● **WHAT YOU HAVE TO DO**: All of the data that follows is to be printed exactly, without pictures.

● **DATA SEGMENT**:
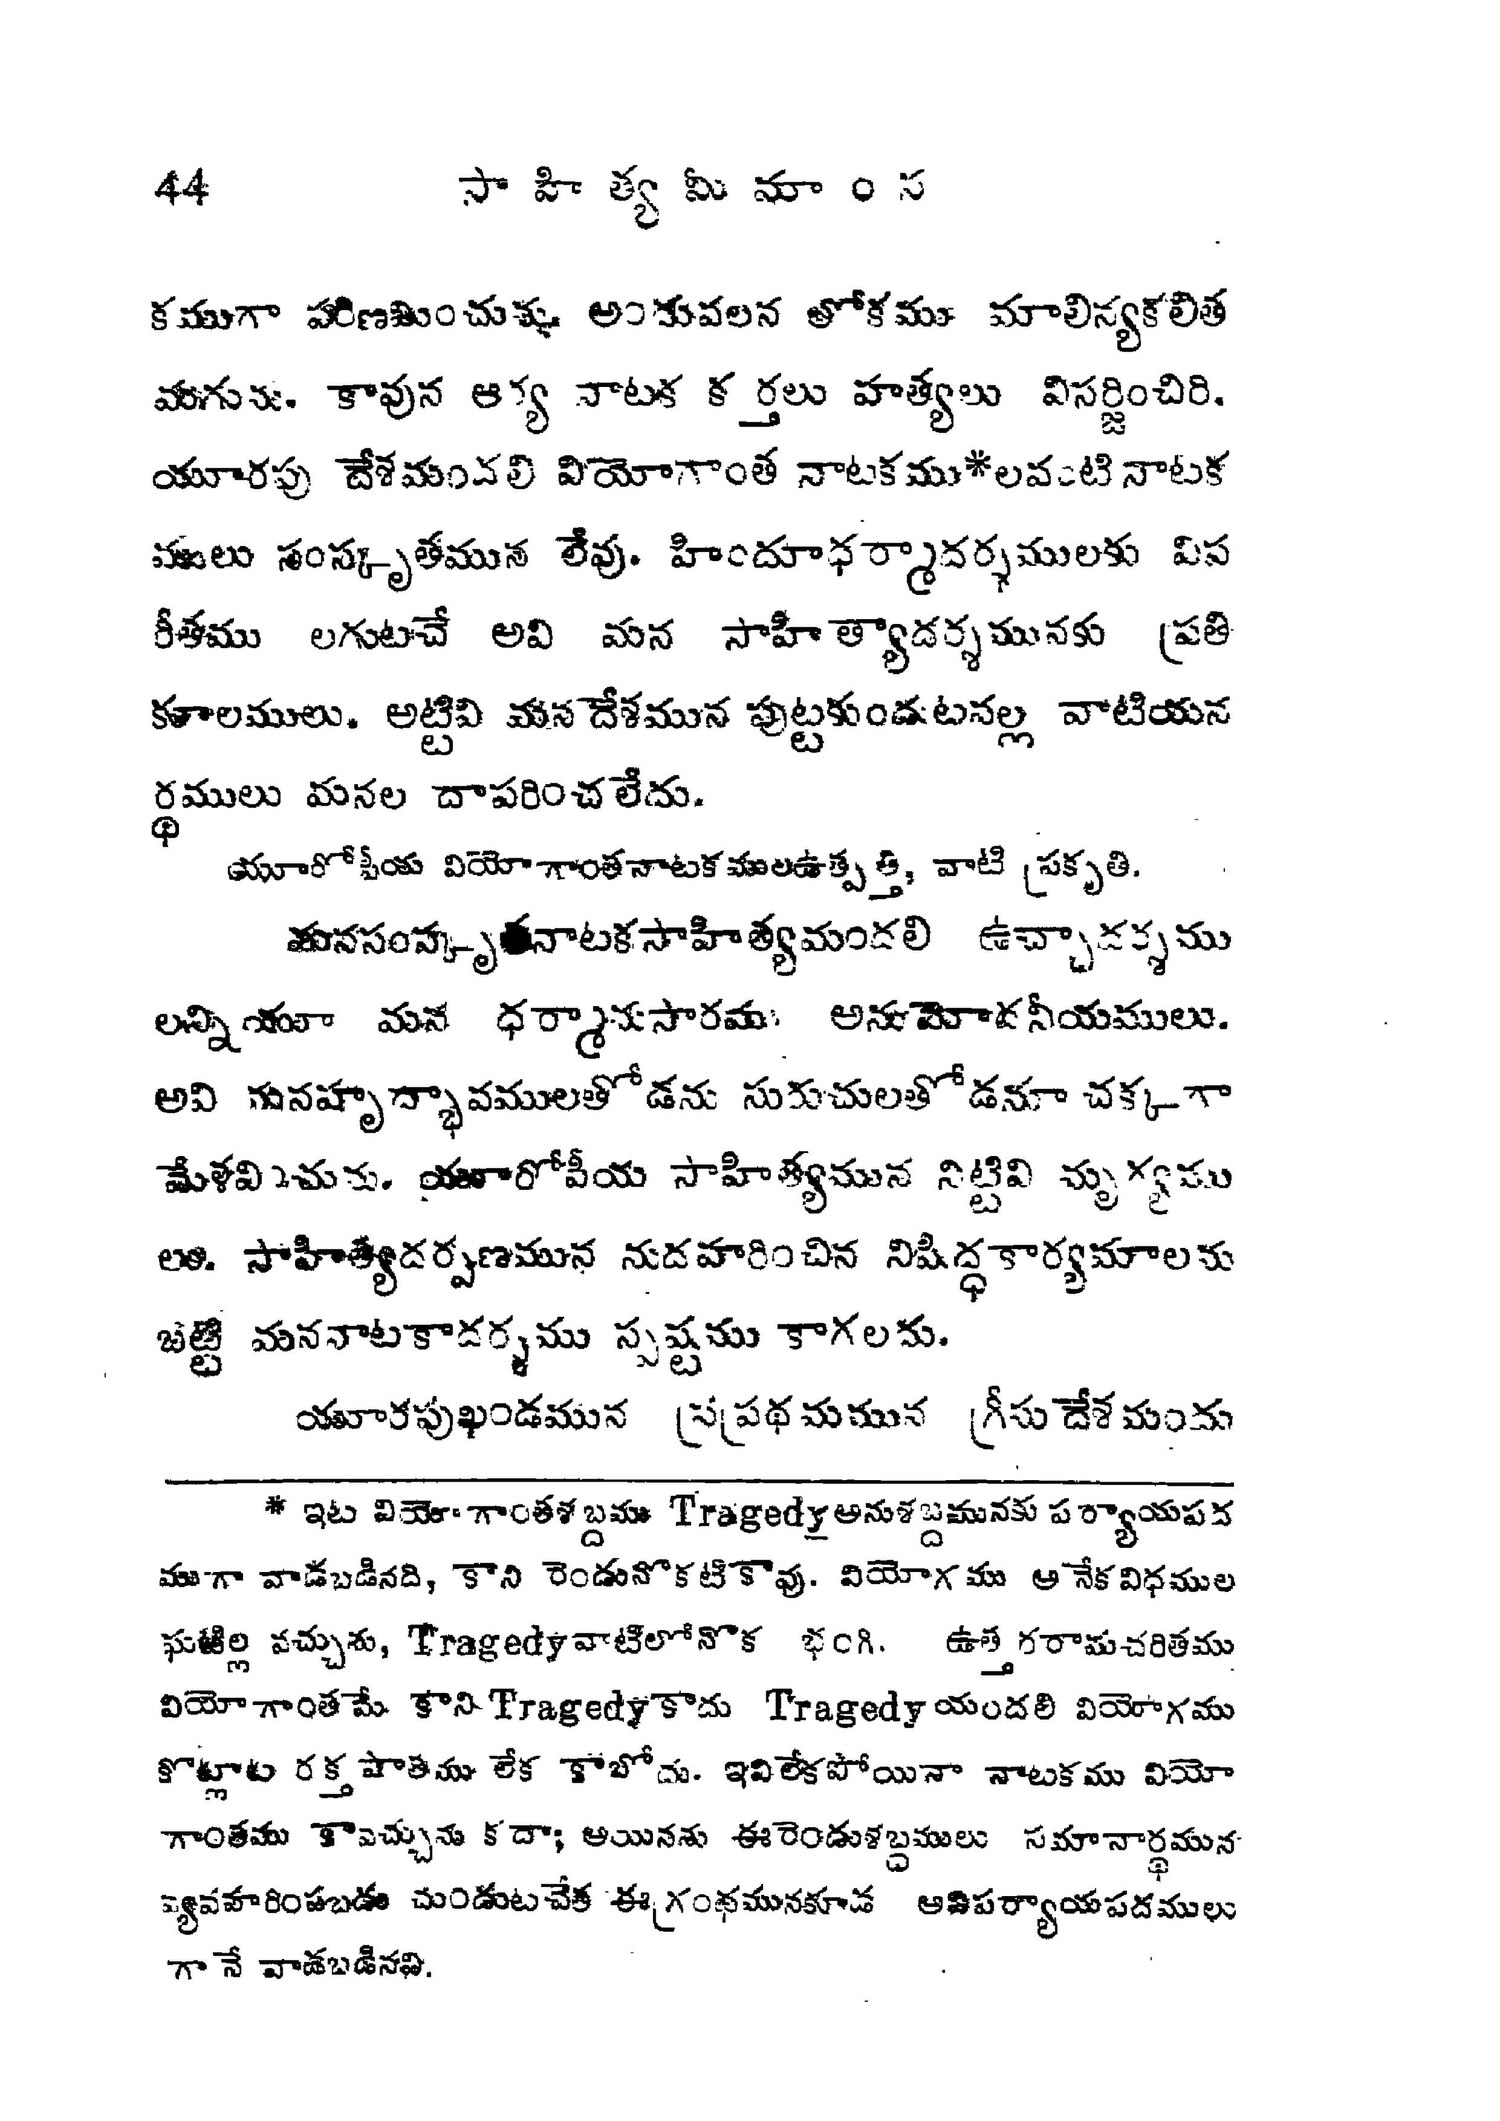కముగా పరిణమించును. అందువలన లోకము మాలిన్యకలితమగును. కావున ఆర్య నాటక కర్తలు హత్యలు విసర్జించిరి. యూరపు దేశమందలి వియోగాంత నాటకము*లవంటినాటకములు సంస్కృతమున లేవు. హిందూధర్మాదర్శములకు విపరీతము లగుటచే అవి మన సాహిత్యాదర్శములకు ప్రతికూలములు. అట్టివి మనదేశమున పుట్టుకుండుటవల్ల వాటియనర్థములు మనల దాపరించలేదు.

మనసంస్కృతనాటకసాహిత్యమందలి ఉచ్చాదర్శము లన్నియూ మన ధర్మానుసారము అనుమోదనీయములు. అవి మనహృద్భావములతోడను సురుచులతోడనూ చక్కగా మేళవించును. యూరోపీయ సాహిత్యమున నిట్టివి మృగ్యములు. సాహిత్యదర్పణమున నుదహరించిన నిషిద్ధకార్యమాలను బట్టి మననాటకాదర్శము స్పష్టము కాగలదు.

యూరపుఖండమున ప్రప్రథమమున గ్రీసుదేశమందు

● **OUTPUT OF THE EXERCISE**:
కముగా పరిణమించును. అందువలన లోకము మాలిన్యకలితమగును. కావున ఆర్య నాటక కర్తలు హత్యలు విసర్జించిరి. యూరపు దేశమందలి వియోగాంత నాటకము*లవంటినాటకములు సంస్కృతమున లేవు. హిందూధర్మాదర్శములకు విపరీతము లగుటచే అవి మన సాహిత్యాదర్శములకు ప్రతికూలములు. అట్టివి మనదేశమున పుట్టుకుండుటవల్ల వాటియనర్థములు మనల దాపరించలేదు.

మనసంస్కృతనాటకసాహిత్యమందలి ఉచ్చాదర్శము లన్నియూ మన ధర్మానుసారము అనుమోదనీయములు. అవి మనహృద్భావములతోడను సురుచులతోడనూ చక్కగా మేళవించును. యూరోపీయ సాహిత్యమున నిట్టివి మృగ్యములు. సాహిత్యదర్పణమున నుదహరించిన నిషిద్ధకార్యమాలను బట్టి మననాటకాదర్శము స్పష్టము కాగలదు.

యూరపుఖండమున ప్రప్రథమమున గ్రీసుదేశమందు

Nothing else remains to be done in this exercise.